Lin sighed inwardly. She was barefoot, wearing a plain gray frock. When she had come home from the party last night, she had scrubbed every last bit of paint from her face, and nearly torn off her beautiful indigo dress in her haste to be rid of it. She had gone to bed still furious, and dreamed—well, she could hardly remember what she had dreamed. It had been a version of the dream she had often now, about the last moments of the Goddess, only it had ended very differently from the others. She knew it was just a dream, no more—the story of Adassa’s last moments was well known to all Ashkar—but she had woken trembling and damp with sweat, her skin so hot she had needed to sit before her open window for nearly an hour before she could lie down again.

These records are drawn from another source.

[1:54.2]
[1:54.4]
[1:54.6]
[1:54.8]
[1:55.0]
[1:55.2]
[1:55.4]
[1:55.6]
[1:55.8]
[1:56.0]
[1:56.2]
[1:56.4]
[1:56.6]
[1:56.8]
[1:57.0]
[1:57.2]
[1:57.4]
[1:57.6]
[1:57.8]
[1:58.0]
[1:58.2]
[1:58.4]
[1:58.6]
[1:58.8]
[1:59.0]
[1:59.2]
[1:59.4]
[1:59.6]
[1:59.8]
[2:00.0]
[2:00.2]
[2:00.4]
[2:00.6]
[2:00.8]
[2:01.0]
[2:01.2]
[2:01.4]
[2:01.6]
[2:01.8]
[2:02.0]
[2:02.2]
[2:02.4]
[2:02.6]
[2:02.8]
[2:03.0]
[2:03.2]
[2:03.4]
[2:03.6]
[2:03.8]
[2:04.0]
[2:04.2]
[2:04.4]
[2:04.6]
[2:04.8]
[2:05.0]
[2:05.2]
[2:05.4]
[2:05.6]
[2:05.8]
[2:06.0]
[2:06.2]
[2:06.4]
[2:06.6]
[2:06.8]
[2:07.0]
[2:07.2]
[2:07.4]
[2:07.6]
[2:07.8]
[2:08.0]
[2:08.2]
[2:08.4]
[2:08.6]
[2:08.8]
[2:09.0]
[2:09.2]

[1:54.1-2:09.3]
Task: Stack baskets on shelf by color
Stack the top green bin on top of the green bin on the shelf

All she wanted now was to forget about the entire night, but Mariam was hungry for details, and Lin wanted to make her happy. “Well, he didn’t, to be honest,” she said, and immediately felt a bit guilty; Mariam only wanted to hear things that were happy or scandalous or both. “But someone else stepped in to dance instead, so the evening could continue.”

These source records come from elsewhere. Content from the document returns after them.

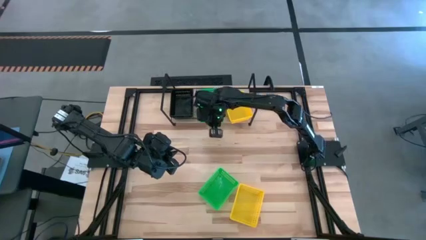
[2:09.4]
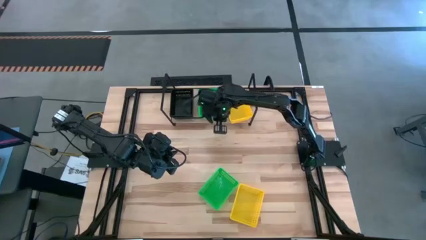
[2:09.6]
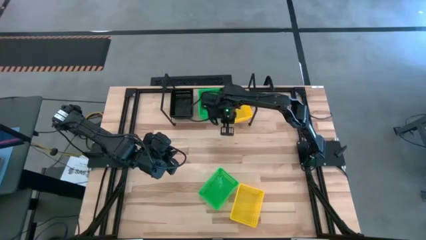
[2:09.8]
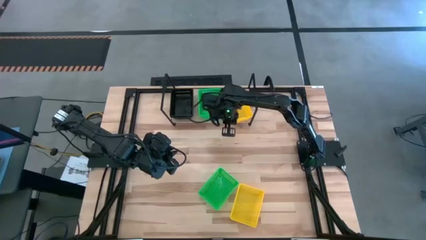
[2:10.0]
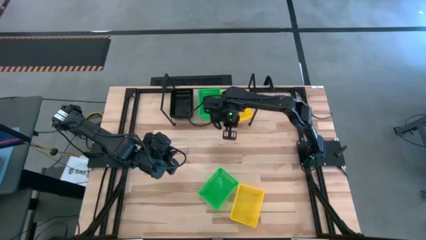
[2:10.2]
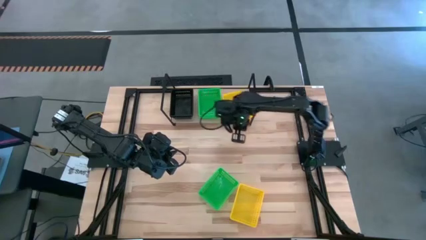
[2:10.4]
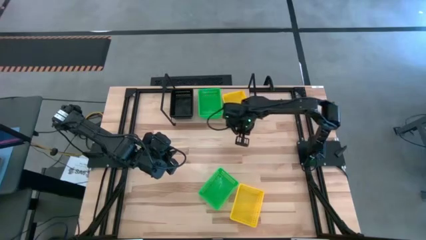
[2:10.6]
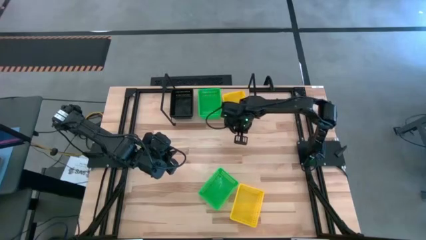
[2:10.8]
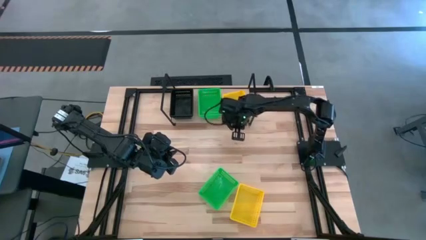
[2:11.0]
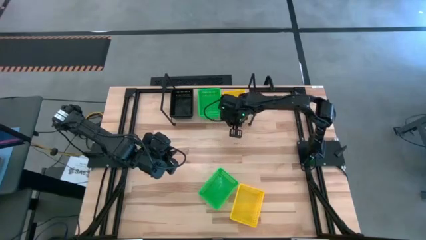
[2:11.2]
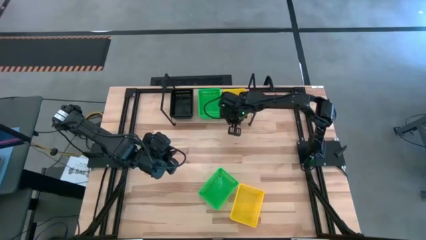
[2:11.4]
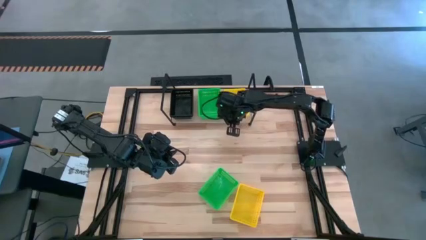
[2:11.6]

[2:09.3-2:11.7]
Adjust the stacked yellow bins on the shelf

“Who was it? Oh, never mind, I don’t remember who half those young nobles are anyway,” Mariam said cheerfully. “Anyway, it seems entirely an inappropriate sort of party to throw for a twelve-year-old. When I was twelve, all I was interested in was playing tricks on the boys in the Dāsu Kebeth.”
Lin laughed at the memory, but sobered quickly. “The thing is, the Castellani nobles were expecting a twenty-year-old Princess, and they simply haven’t bothered to change any of their plans. I imagine it would seem too much like accepting what Sarthe has done. There’s some sort of welcoming banquet tomorrow—their Ascension Day celebration—that will be nothing but speeches in a language Luisa doesn’t speak. She’ll be horribly bored.”
Mariam furrowed her brow. “Are you going to the banquet?” At Lin’s surprised look, she added, “I thought Mayesh might be bringing you to more events on the Hill—”
“No,” Lin said. She thought of the quiet ride home in the carriage from the Roverge house, Mayesh watching her with sharp eyes, clearly waiting for some sort of reaction from her, some verdict on the party. But she had said nothing until they reached the Sault. Standing in the shadow of the gates, she had said, “I will tell you if I think there is a point in my returning to the Hill.”
He had not asked questions, only nodded and let her go.
“I won’t be at the banquet, don’t worry,” said Lin. “It’s the same night as Tevath.”
“It’s all right. If you’d rather go to the party.”
“Mari,” Lin said sternly. “I’d rather be at the Goddess Festival, with you. It’s our last year.”
“I just feel as though you’ve gone off into a wonderful story,” Mariam said, with a smile that held a wisp of sadness. “A party with the Charter Families. The Prince himself there. In a Story-Spinner tale, you’d already be secretly engaged to him.”
Instead, he kissed me, then flung me away and said he must have been drunk, Lin thought. Ever so romantic.
“In a Story-Spinner tale, that would mean I’d be about to be kidnapped by pirates so he could save me,” Lin said, crossly. “Mari. The Prince is of the malbushim. Even if he weren’t the Prince, I couldn’t—he is not like us. You must notice,” she added, “that none of the girls in the Story-Spinner tales, even if they are peasants, are Ashkar.”
The hectic color in Mariam’s cheeks bloomed, and Lin felt suddenly guilty. What on earth was the point of telling Mariam to face reality when dreams and hopes of some grand event were what she had to sustain her?
“Mari, I’m sorry—”
There was a knock on Lin’s door. The two women exchanged a startled look. “It’s likely Mayesh,” Lin said, rising to her feet; she padded barefoot to the door and threw it open.